What happens if I ingest records that don’t have any Id’s that overlap?
This happens all the time! In fact, it is the reason why systems like CluedIn exist. Firstly, although it might seem like there won’t be overlap, often there is. You might find with your traditional approaches that tracking down the columns that match from system to system don’t make it easy to find the links - but the eventual connectivity pattern of CluedIn will do all that work for you. For times when you definitely don’t have Id overlaps, there are many fallbacks that yield good results. Firstly, you can use the out of the box integrations to external data sources (or build new providers) that may have the Id’s that you need to link systems. Secondly, you have the CluedIn Fuzzy matching engine which can use non-identifying properties to find possible and statistically confident matches in duplicates or in linkages.
Why is CluedIn written in C#, isn’t that slow?
The team behind CluedIn purposefully chose .net core and C# as the language for our processing engine for many reasons.
1: Our core development team has decades of combined experience in building large, scalable and performant .net applications. 2: The .net environment has jumped leaps and bounds and has continued support for Microsoft and the community. The fact that it is open-source helped in the decision as well. 3: .net is designed to write very large applications and scale in maintaining, seperation of concern and ease of deployment. 4: .net and C# is very much, not slow. In fact, compared to the majority of popular languages today it is very fast. Some could argue that it is not as memory-efficient, but we think that the trade-offs to deliver solutions to you faster is well worth it.
I am not a C# developer, does that mean I can’t extend CluedIn?
The interfaces to communicate with CluedIn are actually HTTP i.e. REST. Our C# layer essentially wraps this and talks REST. This means that you can actually use any language that you want to talk to CluedIn, however there are some restrictions or limitations if you do this:
- You cannot inject custom logic into the same application domain as CluedIn.
- You will have to host your custom code in another host that is not CluedIn.
- You cannot currently use the crawler templates that are available only in C#.
Let’s go with some examples for you. What if you are a Python, R, SQL or GO developer? Let’s say you are wanting to build a custom integration that can be added through the user-interface but the code itself is written in Python.
What type of data is CluedIn not suited for?
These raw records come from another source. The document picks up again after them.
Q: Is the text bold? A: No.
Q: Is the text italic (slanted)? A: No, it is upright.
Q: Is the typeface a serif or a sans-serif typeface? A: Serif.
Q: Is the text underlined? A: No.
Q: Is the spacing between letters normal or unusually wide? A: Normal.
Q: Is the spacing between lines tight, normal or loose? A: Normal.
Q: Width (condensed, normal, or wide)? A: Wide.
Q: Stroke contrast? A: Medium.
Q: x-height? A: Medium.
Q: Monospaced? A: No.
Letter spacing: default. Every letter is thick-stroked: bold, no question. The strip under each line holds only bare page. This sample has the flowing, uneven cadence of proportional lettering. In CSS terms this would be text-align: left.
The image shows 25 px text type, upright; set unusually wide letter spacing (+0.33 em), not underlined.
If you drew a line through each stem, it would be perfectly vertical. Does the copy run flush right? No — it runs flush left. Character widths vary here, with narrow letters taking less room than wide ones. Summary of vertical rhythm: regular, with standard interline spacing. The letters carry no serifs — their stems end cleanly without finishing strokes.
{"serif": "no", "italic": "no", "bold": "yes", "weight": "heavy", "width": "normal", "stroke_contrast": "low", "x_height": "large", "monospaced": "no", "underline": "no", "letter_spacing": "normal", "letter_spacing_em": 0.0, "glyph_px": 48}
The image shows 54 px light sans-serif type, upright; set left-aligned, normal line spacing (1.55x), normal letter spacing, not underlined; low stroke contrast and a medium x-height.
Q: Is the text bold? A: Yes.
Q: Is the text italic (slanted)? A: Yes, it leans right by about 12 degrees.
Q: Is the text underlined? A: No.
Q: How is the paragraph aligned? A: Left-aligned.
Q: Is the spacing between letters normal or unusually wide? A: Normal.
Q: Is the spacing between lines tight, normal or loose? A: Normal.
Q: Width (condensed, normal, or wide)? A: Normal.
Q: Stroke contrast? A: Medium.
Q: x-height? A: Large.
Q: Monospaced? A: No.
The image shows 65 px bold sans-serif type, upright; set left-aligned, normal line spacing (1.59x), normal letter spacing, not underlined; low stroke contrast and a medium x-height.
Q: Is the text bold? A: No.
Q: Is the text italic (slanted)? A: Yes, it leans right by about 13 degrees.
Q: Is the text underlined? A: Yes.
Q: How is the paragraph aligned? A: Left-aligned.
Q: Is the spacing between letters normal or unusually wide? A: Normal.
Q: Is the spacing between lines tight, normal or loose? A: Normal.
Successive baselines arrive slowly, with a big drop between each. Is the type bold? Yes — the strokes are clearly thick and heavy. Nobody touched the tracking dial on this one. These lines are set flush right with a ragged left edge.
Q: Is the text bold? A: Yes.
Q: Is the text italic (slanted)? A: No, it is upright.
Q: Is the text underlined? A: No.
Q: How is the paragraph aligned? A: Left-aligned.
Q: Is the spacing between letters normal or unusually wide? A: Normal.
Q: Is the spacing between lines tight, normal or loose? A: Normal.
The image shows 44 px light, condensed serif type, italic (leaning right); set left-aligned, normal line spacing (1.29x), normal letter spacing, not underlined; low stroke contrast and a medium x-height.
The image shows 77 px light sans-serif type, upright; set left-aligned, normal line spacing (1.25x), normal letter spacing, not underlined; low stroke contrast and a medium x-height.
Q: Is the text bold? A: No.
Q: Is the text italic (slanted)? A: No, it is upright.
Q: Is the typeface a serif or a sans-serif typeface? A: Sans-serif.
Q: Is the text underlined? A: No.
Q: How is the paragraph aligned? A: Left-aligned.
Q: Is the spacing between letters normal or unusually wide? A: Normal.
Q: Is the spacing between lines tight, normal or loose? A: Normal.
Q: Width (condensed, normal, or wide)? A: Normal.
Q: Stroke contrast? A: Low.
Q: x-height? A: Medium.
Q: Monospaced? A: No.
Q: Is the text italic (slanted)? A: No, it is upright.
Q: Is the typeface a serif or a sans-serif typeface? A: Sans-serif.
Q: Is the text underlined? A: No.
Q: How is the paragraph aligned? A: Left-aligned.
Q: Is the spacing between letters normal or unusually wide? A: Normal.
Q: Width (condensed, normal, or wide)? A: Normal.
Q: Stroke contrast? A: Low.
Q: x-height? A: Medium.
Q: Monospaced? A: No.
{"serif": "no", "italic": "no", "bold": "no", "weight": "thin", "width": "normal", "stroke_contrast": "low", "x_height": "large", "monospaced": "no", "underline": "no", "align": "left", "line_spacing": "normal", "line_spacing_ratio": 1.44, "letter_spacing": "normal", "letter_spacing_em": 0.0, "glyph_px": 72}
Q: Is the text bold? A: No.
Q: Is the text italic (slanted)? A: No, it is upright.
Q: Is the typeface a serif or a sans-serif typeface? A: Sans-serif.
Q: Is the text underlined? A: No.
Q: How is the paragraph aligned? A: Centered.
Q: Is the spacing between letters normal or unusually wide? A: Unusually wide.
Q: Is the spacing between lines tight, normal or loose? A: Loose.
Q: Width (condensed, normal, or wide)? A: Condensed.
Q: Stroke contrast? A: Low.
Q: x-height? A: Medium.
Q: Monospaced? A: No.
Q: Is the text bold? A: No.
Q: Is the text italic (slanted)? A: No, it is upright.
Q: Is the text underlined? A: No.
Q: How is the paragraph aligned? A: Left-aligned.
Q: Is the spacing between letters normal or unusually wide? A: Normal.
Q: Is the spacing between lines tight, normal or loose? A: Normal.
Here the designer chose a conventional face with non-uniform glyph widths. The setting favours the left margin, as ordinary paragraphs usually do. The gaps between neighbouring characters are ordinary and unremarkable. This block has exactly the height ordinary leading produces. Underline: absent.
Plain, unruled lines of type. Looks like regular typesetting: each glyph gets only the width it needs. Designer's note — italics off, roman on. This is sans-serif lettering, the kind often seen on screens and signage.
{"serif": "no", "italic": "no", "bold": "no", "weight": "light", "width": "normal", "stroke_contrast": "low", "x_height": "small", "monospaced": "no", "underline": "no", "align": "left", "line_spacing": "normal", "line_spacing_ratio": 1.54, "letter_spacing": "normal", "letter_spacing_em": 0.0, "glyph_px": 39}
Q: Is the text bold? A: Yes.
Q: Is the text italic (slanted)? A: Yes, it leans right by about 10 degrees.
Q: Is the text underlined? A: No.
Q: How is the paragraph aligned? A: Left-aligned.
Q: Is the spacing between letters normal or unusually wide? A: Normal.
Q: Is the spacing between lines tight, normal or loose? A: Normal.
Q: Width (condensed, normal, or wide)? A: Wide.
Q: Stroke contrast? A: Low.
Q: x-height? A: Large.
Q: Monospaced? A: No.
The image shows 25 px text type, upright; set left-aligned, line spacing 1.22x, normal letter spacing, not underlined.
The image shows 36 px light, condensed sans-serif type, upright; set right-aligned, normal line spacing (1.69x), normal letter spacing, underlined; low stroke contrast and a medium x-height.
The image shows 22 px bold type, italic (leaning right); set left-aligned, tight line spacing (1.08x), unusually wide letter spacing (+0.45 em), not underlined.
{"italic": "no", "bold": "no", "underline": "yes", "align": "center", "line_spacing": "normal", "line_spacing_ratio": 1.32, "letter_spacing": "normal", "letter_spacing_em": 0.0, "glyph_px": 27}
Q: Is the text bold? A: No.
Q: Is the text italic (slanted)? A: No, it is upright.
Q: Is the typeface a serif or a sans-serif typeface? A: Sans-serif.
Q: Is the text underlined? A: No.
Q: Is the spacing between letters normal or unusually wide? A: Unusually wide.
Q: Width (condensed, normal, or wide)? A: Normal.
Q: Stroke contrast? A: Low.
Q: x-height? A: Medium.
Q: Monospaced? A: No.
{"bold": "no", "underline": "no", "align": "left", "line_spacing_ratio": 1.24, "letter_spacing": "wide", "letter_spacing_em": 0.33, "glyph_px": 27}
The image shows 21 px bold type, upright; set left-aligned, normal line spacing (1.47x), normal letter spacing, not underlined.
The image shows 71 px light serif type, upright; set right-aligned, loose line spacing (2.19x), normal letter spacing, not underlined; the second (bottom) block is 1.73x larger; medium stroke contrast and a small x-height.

There are many use-cases where CluedIn could be considered overkill or not fit for purpose. There are many use-cases that do not need all of the data preperation and cleaning pieces of CluedIn. It could very much be argued that IOT data doesn’t suffer from the same problems or require the same data preperation than other data such as operation business data. Hence here is a list of use-cases or data that we don’t think is necessarily suitable for CluedIn:
1: Processing Signal/IOT data that doesn’t have data quality issues or doesn’t need cataloging, governance - but rather needs to be made available in a Dashboard as fast as humanly possible. 2: If you have a limited amount of systems to integrate and there is no problems with determining how the records are conneceted between the different systems. A good example would be if you just wanted to intergate your Dropbox account with your CRM. 3: Where you do not want to move data. CluedIn copies data from sources to target. It won’t necessarily take all the data, but it is an ingestion engine. You have to be very careful with this use-case as many problems cannot be properly solved without taking copies of the data.